What was Case Anton in World War II?

Case Anton, or Unternehmen Anton, was the military occupation of Vichy France by Nazi Germany and Fascist Italy in November 1942. It ended Vichy France's existence as a nominally independent state, disbanded its army, and reduced the Vichy regime to a puppet government within Occupied France.

Why did Hitler order the occupation of Vichy France in 1942?

The Allied landings in French North Africa on the 8th of November 1942 removed Hitler's main reason for tolerating a nominally independent Vichy France. It became clear that Vichy lacked both the political will and the means to prevent French colonial authorities from submitting to Allied occupation, and Hitler could not risk an exposed flank on the French Mediterranean.

What happened to the French fleet at Toulon during Case Anton?

French naval commanders scuttled the fleet at Toulon on the 27th of November 1942 to prevent it from falling into German hands. Three battleships, seven cruisers, 28 destroyers, and 20 submarines were sunk, foiling the German Operation Lila, which had been designed to capture those ships intact.

Which military forces took part in Case Anton?
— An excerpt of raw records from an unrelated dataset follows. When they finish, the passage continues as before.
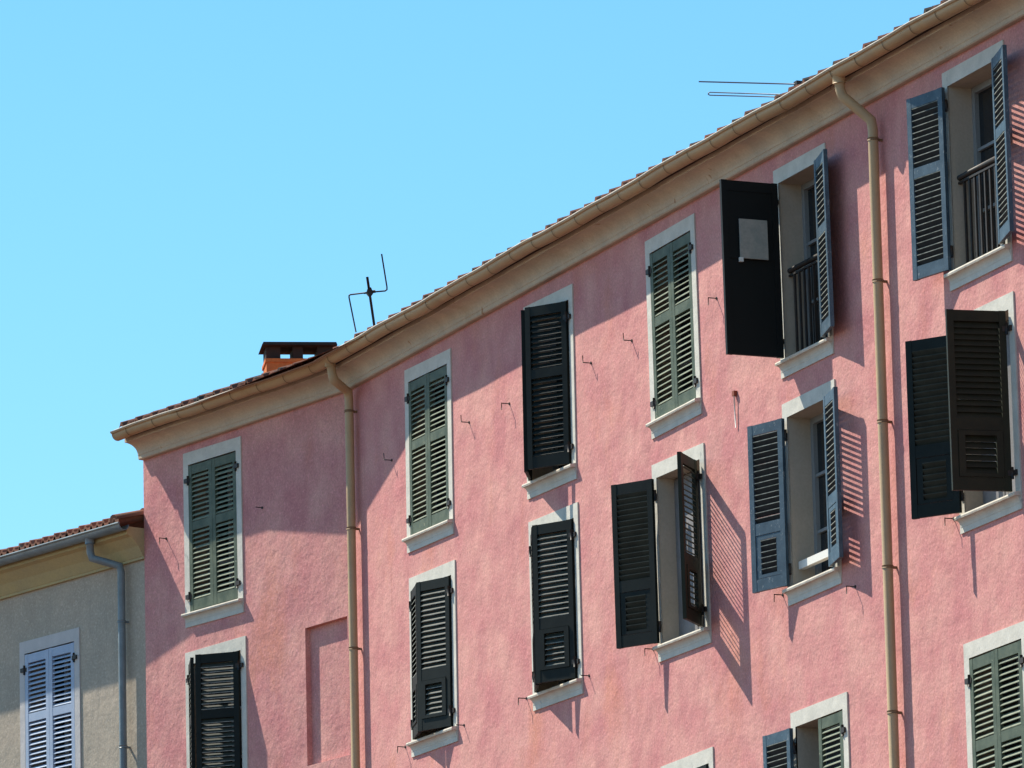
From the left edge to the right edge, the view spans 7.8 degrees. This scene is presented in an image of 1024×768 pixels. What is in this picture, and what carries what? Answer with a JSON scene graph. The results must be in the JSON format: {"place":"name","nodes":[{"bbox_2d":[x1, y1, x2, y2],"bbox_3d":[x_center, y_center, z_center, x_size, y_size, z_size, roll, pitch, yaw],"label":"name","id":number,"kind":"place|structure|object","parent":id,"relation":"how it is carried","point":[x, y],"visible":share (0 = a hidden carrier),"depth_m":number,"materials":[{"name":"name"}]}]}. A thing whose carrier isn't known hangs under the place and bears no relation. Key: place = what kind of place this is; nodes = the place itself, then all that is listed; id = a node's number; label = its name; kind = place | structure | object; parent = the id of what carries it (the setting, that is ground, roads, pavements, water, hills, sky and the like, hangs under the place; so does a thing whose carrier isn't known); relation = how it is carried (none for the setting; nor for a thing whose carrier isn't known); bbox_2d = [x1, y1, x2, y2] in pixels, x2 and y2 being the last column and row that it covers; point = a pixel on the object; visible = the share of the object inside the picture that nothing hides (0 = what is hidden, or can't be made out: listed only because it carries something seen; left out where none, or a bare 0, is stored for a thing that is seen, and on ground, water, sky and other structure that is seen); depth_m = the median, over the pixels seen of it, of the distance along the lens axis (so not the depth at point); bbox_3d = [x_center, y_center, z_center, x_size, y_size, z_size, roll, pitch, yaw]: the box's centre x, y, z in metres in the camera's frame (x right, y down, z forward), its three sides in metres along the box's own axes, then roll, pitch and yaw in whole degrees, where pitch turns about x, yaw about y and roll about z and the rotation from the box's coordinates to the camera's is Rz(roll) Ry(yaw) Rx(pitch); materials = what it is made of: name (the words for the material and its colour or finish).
{"place":"outdoors","nodes":[
{"label":"outdoors","id":0,"kind":"place"},
{"bbox_2d":[0,508,146,767],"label":"cream house","id":1,"kind":"structure","parent":0,"point":[72,655],"depth_m":70.82,"materials":[{"name":"paint"}]},
{"bbox_2d":[19,627,80,767],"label":"window","id":2,"kind":"structure","parent":1,"relation":"in","point":[72,635],"depth_m":71.33,"materials":[{"name":"purple paint"}]},
{"bbox_2d":[0,0,940,548],"label":"sky","id":3,"kind":"structure","parent":0,"point":[187,187],"materials":[{"name":"blue"}]},
{"label":"street","id":4,"kind":"structure","parent":0,"visible":0},
{"bbox_2d":[110,0,1023,767],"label":"pink building","id":5,"kind":"structure","parent":4,"relation":"on","point":[648,468],"depth_m":60.81,"materials":[{"name":"paint"}]},
{"bbox_2d":[181,436,243,627],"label":"window","id":6,"kind":"structure","parent":5,"relation":"in","point":[236,606],"depth_m":69.34,"materials":[{"name":"white paint"}]},
{"bbox_2d":[185,636,247,767],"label":"window","id":7,"kind":"structure","parent":5,"relation":"in","point":[239,644],"depth_m":68.95,"materials":[{"name":"white paint"}]},
{"bbox_2d":[348,254,387,331],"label":"tv antenna","id":8,"kind":"object","parent":5,"relation":"attached to","point":[369,292],"visible":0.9,"depth_m":69.57,"materials":[{"name":"metal"}]},
{"bbox_2d":[402,348,453,552],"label":"window","id":9,"kind":"structure","parent":5,"relation":"in","point":[439,531],"depth_m":65.95,"materials":[{"name":"white paint"}]},
{"bbox_2d":[406,560,458,757],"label":"window","id":10,"kind":"structure","parent":5,"relation":"in","point":[429,740],"depth_m":65.18,"materials":[{"name":"white paint"}]},
{"bbox_2d":[522,284,576,499],"bbox_3d":[0.419,0.076,63.239,0.324,1.696,1.063,4,-13,-23],"label":"window","id":11,"kind":"structure","parent":5,"relation":"in","point":[546,479],"depth_m":63.19,"materials":[{"name":"white paint"}]},
{"bbox_2d":[527,502,583,710],"bbox_3d":[0.464,1.883,62.840,0.324,1.654,1.055,4,-13,-23],"label":"window","id":12,"kind":"structure","parent":5,"relation":"in","point":[549,693],"depth_m":62.78,"materials":[{"name":"white paint"}]},
{"bbox_2d":[645,213,701,439],"bbox_3d":[1.411,-0.460,60.949,0.324,1.684,1.018,4,-13,-23],"label":"window","id":13,"kind":"structure","parent":5,"relation":"in","point":[658,426],"depth_m":61.19,"materials":[{"name":"white paint"}]},
{"bbox_2d":[651,443,711,661],"bbox_3d":[1.468,1.376,60.517,0.324,1.660,1.060,4,-13,-23],"label":"window","id":14,"kind":"structure","parent":5,"relation":"in","point":[678,636],"depth_m":60.79,"materials":[{"name":"white paint"}]},
{"bbox_2d":[661,747,713,767],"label":"window","id":15,"kind":"structure","parent":5,"relation":"in","point":[704,757],"depth_m":59.93,"materials":[{"name":"white paint"}]},
{"bbox_2d":[699,80,801,96],"bbox_3d":[2.040,-2.260,62.511,0.936,0.601,0.115,-1,-12,-2],"label":"rod antenna","id":16,"kind":"object","parent":5,"relation":"attached to","point":[796,82],"visible":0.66,"depth_m":62.57,"materials":[{"name":"metal"}]},
{"bbox_2d":[739,218,768,261],"bbox_3d":[1.903,-1.127,58.907,0.250,0.350,0.026,4,-13,-23],"label":"board","id":17,"kind":"object","parent":5,"relation":"attached to","point":[753,236],"visible":1,"depth_m":58.91,"materials":[{"name":"grey"}]},
{"bbox_2d":[773,143,833,378],"bbox_3d":[2.384,-0.957,58.698,0.324,1.699,0.990,4,-13,-23],"label":"window","id":18,"kind":"structure","parent":5,"relation":"in","point":[804,346],"depth_m":58.97,"materials":[{"name":"white paint"}]},
{"bbox_2d":[782,379,841,605],"bbox_3d":[2.433,0.858,58.287,0.324,1.622,0.968,4,-13,-23],"label":"window","id":19,"kind":"structure","parent":5,"relation":"in","point":[812,575],"depth_m":58.60,"materials":[{"name":"white paint"}]},
{"bbox_2d":[790,692,849,767],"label":"window","id":20,"kind":"structure","parent":5,"relation":"in","point":[804,722],"depth_m":58.15,"materials":[{"name":"white paint"}]},
{"bbox_2d":[942,40,1012,291],"bbox_3d":[3.577,-1.624,55.950,0.324,1.699,1.039,4,-13,-23],"label":"window","id":21,"kind":"structure","parent":5,"relation":"in","point":[977,251],"depth_m":56.25,"materials":[{"name":"white paint"}]},
{"bbox_2d":[954,291,1022,533],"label":"window","id":22,"kind":"structure","parent":5,"relation":"in","point":[979,508],"depth_m":55.31,"materials":[{"name":"white paint"}]},
{"bbox_2d":[963,621,1023,767],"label":"window","id":23,"kind":"structure","parent":5,"relation":"in","point":[1009,635],"depth_m":55.37,"materials":[{"name":"white paint"}]}
]}

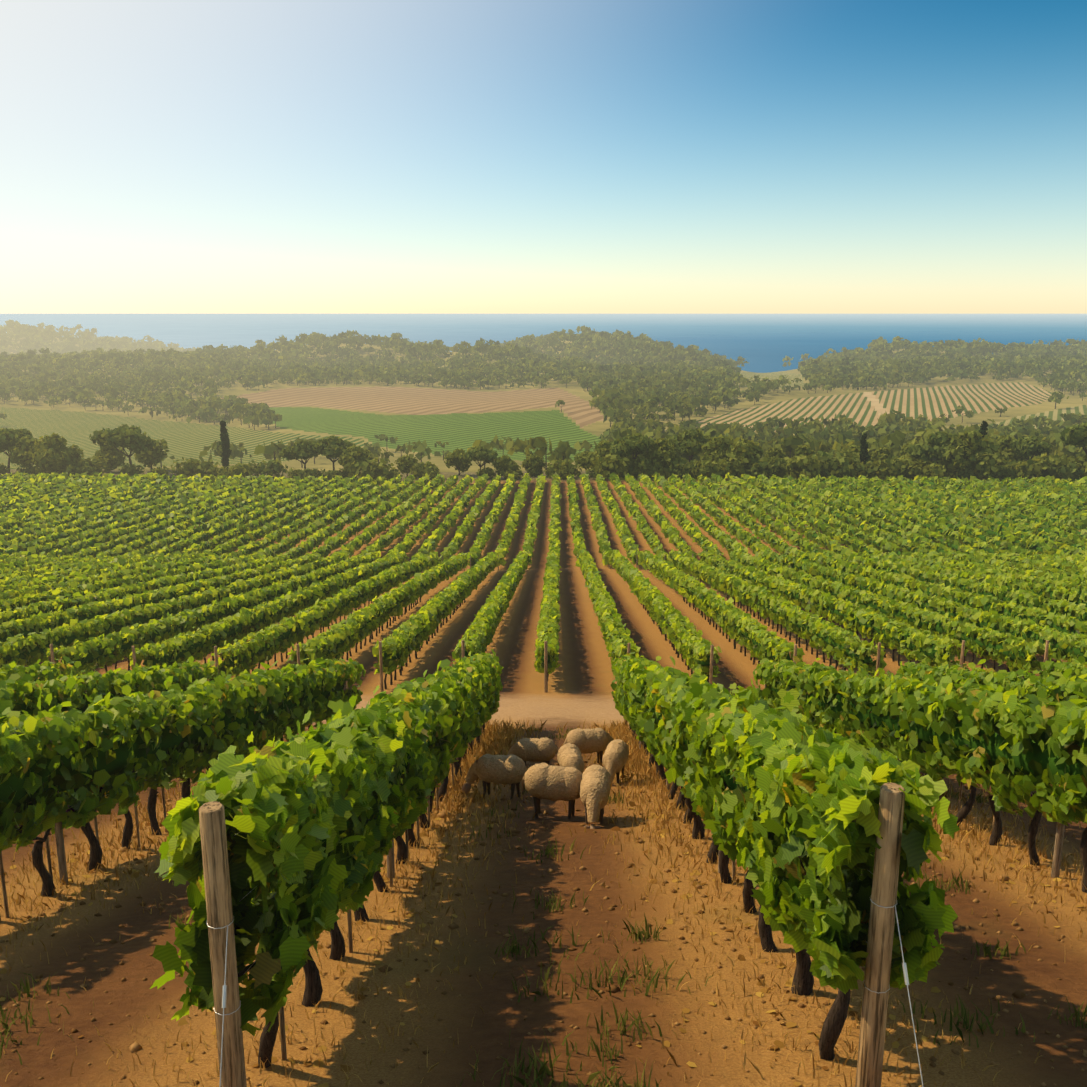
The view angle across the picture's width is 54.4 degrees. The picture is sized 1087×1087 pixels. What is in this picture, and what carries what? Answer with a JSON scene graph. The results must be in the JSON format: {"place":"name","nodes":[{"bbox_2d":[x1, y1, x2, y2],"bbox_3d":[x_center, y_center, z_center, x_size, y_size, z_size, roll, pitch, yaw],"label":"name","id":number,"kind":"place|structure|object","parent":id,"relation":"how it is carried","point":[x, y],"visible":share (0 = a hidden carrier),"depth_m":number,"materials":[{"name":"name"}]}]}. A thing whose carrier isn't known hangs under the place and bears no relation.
{"place":"outdoors","nodes":[
{"label":"outdoors","id":0,"kind":"place"},
{"bbox_2d":[0,336,1086,1086],"bbox_3d":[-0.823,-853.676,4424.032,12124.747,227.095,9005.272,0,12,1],"label":"ground","id":1,"kind":"structure","parent":0,"point":[580,680],"depth_m":9.93,"materials":[{"name":"soil"}]},
{"bbox_2d":[462,754,526,798],"bbox_3d":[-0.752,3.637,16.525,1.087,0.732,0.435,4,13,16],"label":"sheep","id":2,"kind":"object","parent":1,"relation":"on","point":[487,769],"visible":0.98,"depth_m":16.34},
{"bbox_2d":[18,777,1034,934],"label":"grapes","id":3,"kind":"object","parent":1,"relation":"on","point":[73,810],"visible":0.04,"depth_m":11.51,"materials":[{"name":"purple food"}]},
{"bbox_2d":[507,737,557,767],"bbox_3d":[-0.234,3.850,19.139,1.031,0.703,0.424,0,12,1],"label":"sheep","id":4,"kind":"object","parent":1,"relation":"on","point":[545,750],"visible":0.67,"depth_m":18.97},
{"bbox_2d":[0,732,1085,1086],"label":"fallen leaves","id":5,"kind":"object","parent":1,"relation":"on","point":[666,1042],"visible":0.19,"depth_m":9.62,"materials":[{"name":"brown plant"}]},
{"bbox_2d":[0,471,1086,1086],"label":"vines","id":6,"kind":"object","parent":1,"relation":"on","point":[800,757],"depth_m":19.52,"materials":[{"name":"green plant"}]},
{"bbox_2d":[0,319,1086,469],"bbox_3d":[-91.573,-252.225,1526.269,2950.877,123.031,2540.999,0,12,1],"label":"trees","id":7,"kind":"object","parent":1,"relation":"on","point":[640,386],"visible":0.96,"depth_m":895.99,"materials":[{"name":"green plant"}]},
{"bbox_2d":[0,716,1086,1086],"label":"grass","id":8,"kind":"structure","parent":1,"relation":"on","point":[626,736],"depth_m":10.55,"materials":[{"name":"plant"}]},
{"bbox_2d":[0,420,1086,481],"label":"trees","id":9,"kind":"object","parent":1,"relation":"on","point":[980,455],"visible":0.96,"depth_m":232.85,"materials":[{"name":"green plant"}]},
{"bbox_2d":[0,756,1086,1086],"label":"clods","id":10,"kind":"object","parent":1,"relation":"on","point":[136,1046],"visible":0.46,"depth_m":9.23,"materials":[{"name":"brown soil"}]},
{"bbox_2d":[520,763,581,818],"bbox_3d":[0.252,3.471,14.783,1.166,0.794,0.507,0,12,1],"label":"sheep","id":11,"kind":"object","parent":1,"relation":"on","point":[545,781],"visible":0.75,"depth_m":14.58},
{"bbox_2d":[557,743,584,773],"bbox_3d":[0.485,3.739,17.419,0.415,0.697,1.033,-3,13,-12],"label":"sheep","id":12,"kind":"object","parent":1,"relation":"on","point":[569,755],"visible":0.42,"depth_m":17.30},
{"bbox_2d":[563,728,613,765],"bbox_3d":[0.930,3.881,20.135,1.141,0.775,0.460,-2,13,-10],"label":"sheep","id":13,"kind":"object","parent":1,"relation":"on","point":[588,741],"visible":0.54,"depth_m":19.95},
{"bbox_2d":[580,765,611,828],"bbox_3d":[0.714,3.493,14.432,0.450,0.737,1.086,0,12,1],"label":"sheep","id":14,"kind":"object","parent":1,"relation":"on","point":[595,786],"visible":0.9,"depth_m":14.19},
{"bbox_2d":[602,739,628,785],"bbox_3d":[1.219,3.781,18.033,0.416,0.701,1.033,3,13,12],"label":"sheep","id":15,"kind":"object","parent":1,"relation":"on","point":[615,757],"visible":0.77,"depth_m":17.84},
{"bbox_2d":[0,314,1086,372],"bbox_3d":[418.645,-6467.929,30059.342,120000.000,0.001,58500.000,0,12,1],"label":"sea","id":16,"kind":"structure","parent":0,"point":[764,343],"depth_m":9267.37,"materials":[{"name":"blue liquid"}]},
{"bbox_2d":[0,0,1086,313],"label":"sky","id":17,"kind":"structure","parent":0,"point":[157,156],"materials":[{"name":"blue"}]}
]}

Wehrmacht and Royal Italian Army forces both participated. The German 1st Army advanced from the Atlantic coast parallel to the French-Spanish border, the 7th Army under General Johannes Blaskowitz moved from central France toward Vichy and Toulon, and the Italian 4th Army occupied the French Riviera while an Italian division landed on Corsica.

What was Operation Attila and how does it relate to Case Anton?

Operation Attila was a German plan drawn up in December 1940 to occupy Vichy France. Case Anton updated and replaced Operation Attila, incorporating different Wehrmacht units and adding Italian military involvement that the original plan had not included.

How long did the German-only occupation of France last after Case Anton?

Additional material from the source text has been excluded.